(Records from a data source)
- - - - - - -

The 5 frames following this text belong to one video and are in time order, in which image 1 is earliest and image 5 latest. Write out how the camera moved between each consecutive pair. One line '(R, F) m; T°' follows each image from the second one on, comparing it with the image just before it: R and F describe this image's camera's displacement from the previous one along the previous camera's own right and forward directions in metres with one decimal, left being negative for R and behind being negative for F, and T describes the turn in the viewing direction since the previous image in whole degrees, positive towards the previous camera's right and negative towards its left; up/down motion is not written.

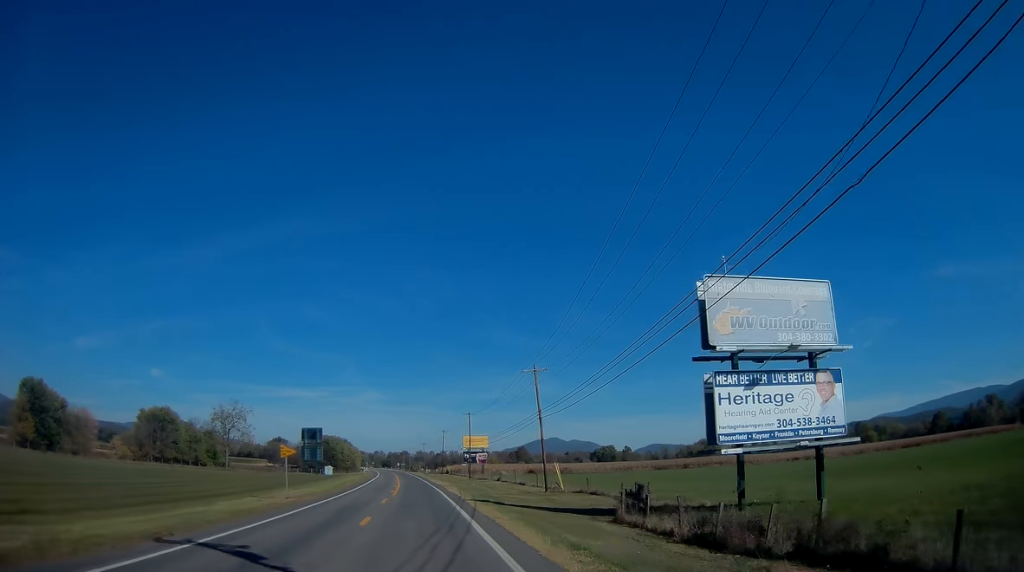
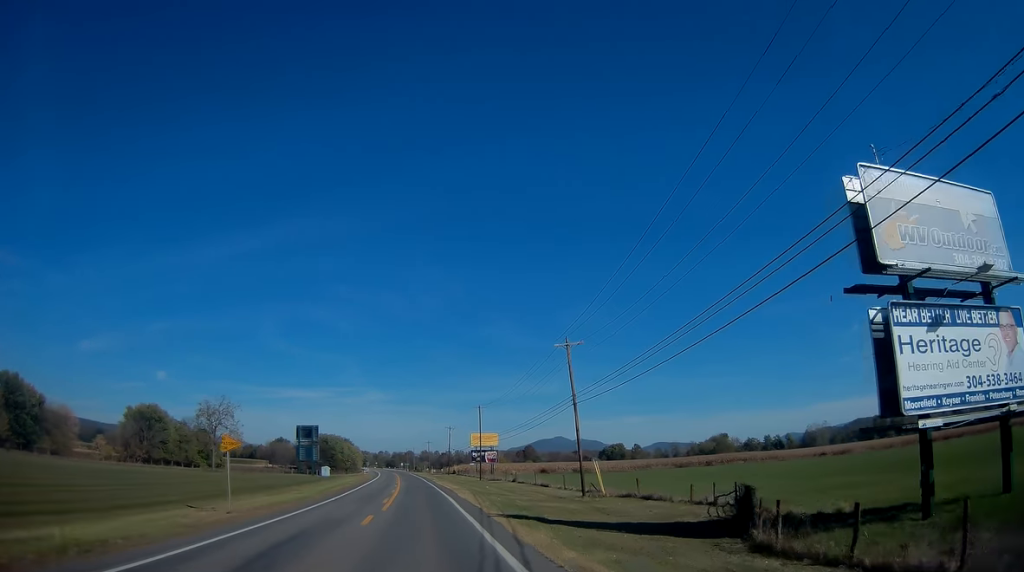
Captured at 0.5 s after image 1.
(-0.1, +11.8) m; 0°
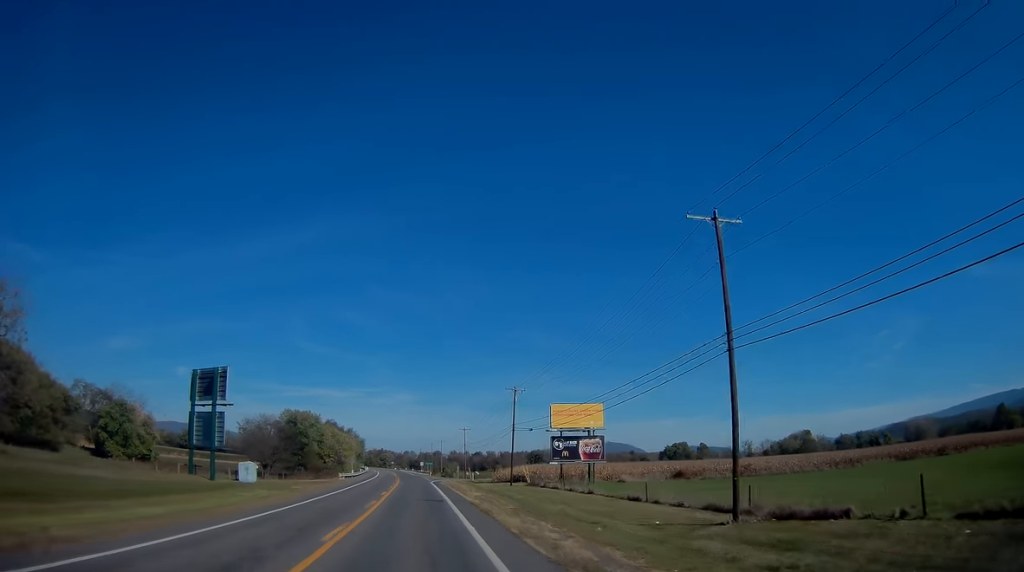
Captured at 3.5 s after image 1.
(-1.6, +77.8) m; -2°
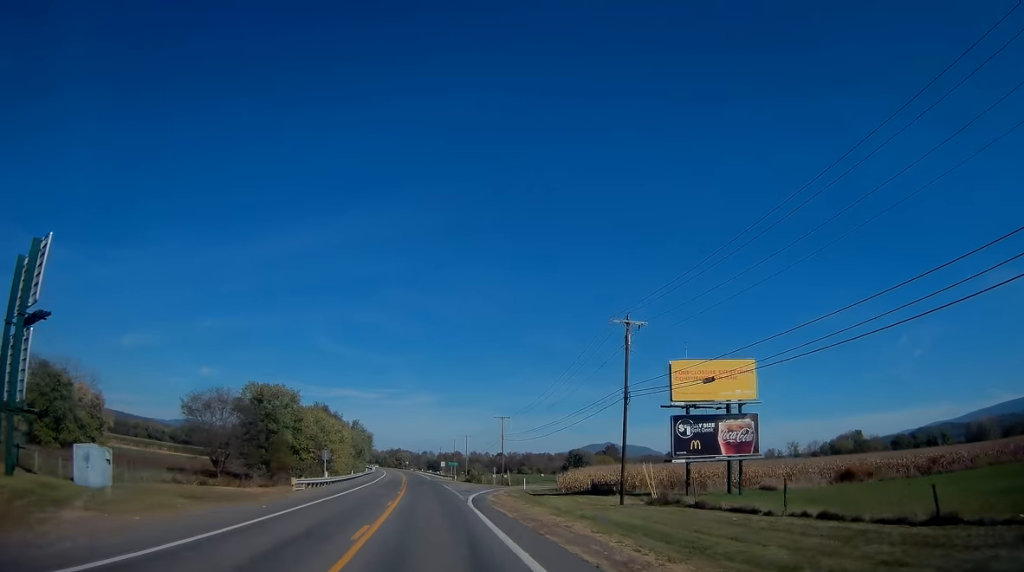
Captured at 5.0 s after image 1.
(-0.6, +36.3) m; -2°
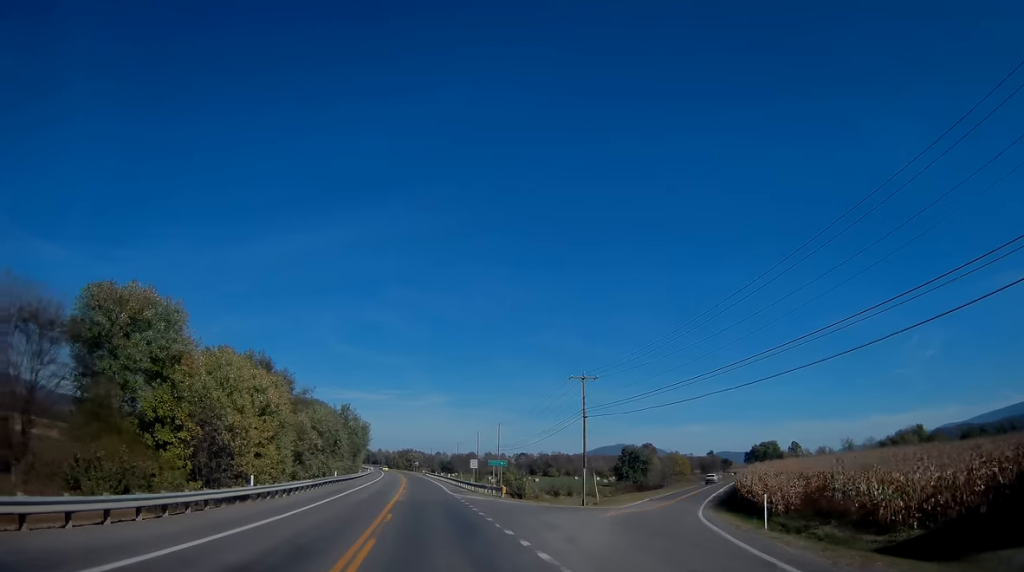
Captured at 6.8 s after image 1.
(-0.6, +45.7) m; -1°
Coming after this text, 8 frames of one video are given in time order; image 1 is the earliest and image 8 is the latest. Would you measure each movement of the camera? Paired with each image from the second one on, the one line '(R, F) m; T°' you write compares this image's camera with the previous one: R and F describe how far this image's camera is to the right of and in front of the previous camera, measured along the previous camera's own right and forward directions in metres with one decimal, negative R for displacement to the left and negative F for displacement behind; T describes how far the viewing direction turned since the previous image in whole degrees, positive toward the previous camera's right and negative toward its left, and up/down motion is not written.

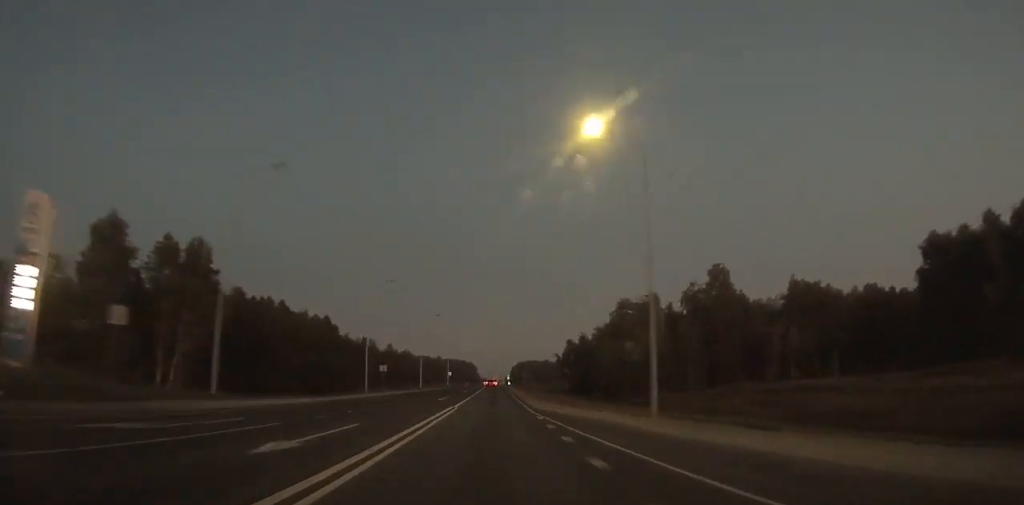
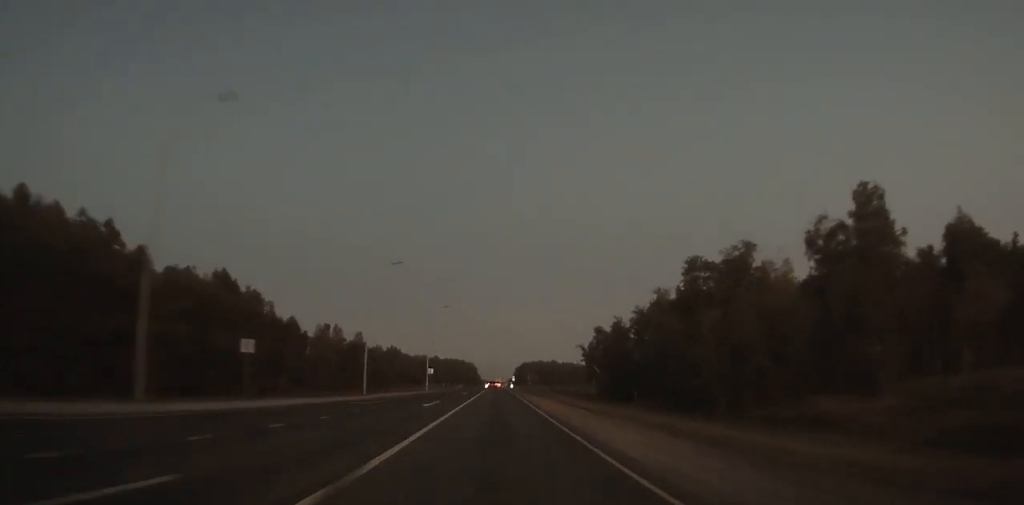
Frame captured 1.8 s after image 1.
(0.0, +39.7) m; 0°
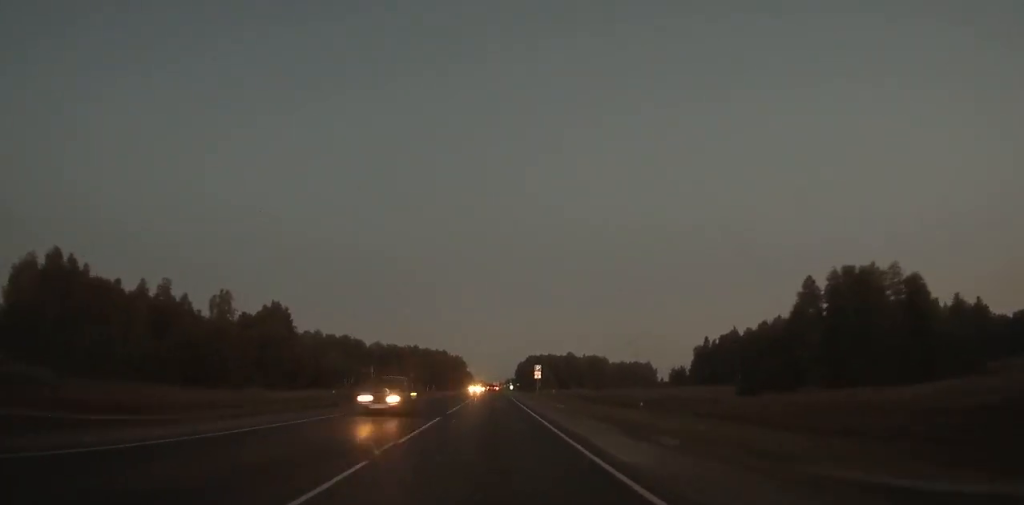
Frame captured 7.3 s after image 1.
(+0.2, +123.3) m; 0°
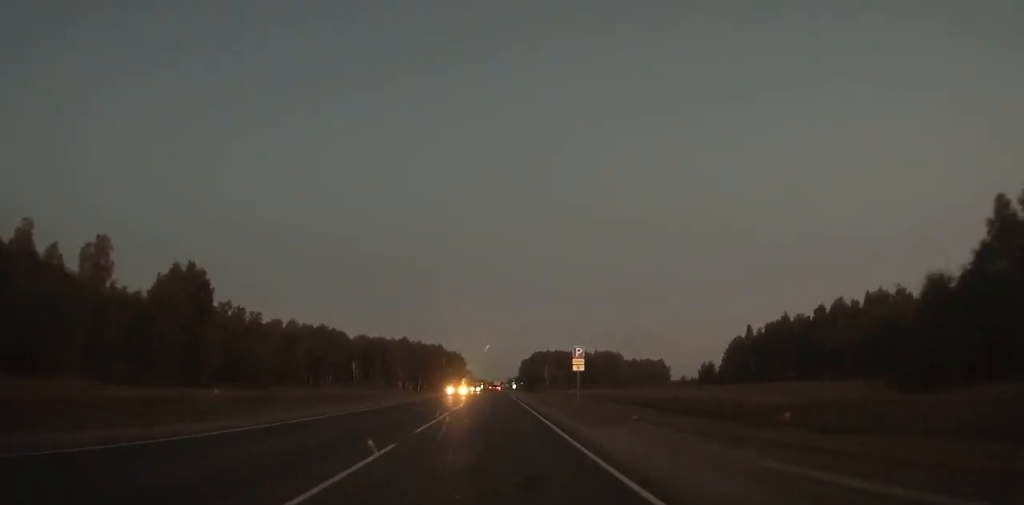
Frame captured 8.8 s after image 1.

- - - - - - -

*Action item:*
Could you set down nothing but the lines from the one containing "Frame captured 7.3 s after image 1." through the last line of the records above, both ends included, exactly as given and free of pictures?

*Written solution:*
Frame captured 7.3 s after image 1.
(+0.2, +123.3) m; 0°
Frame captured 8.8 s after image 1.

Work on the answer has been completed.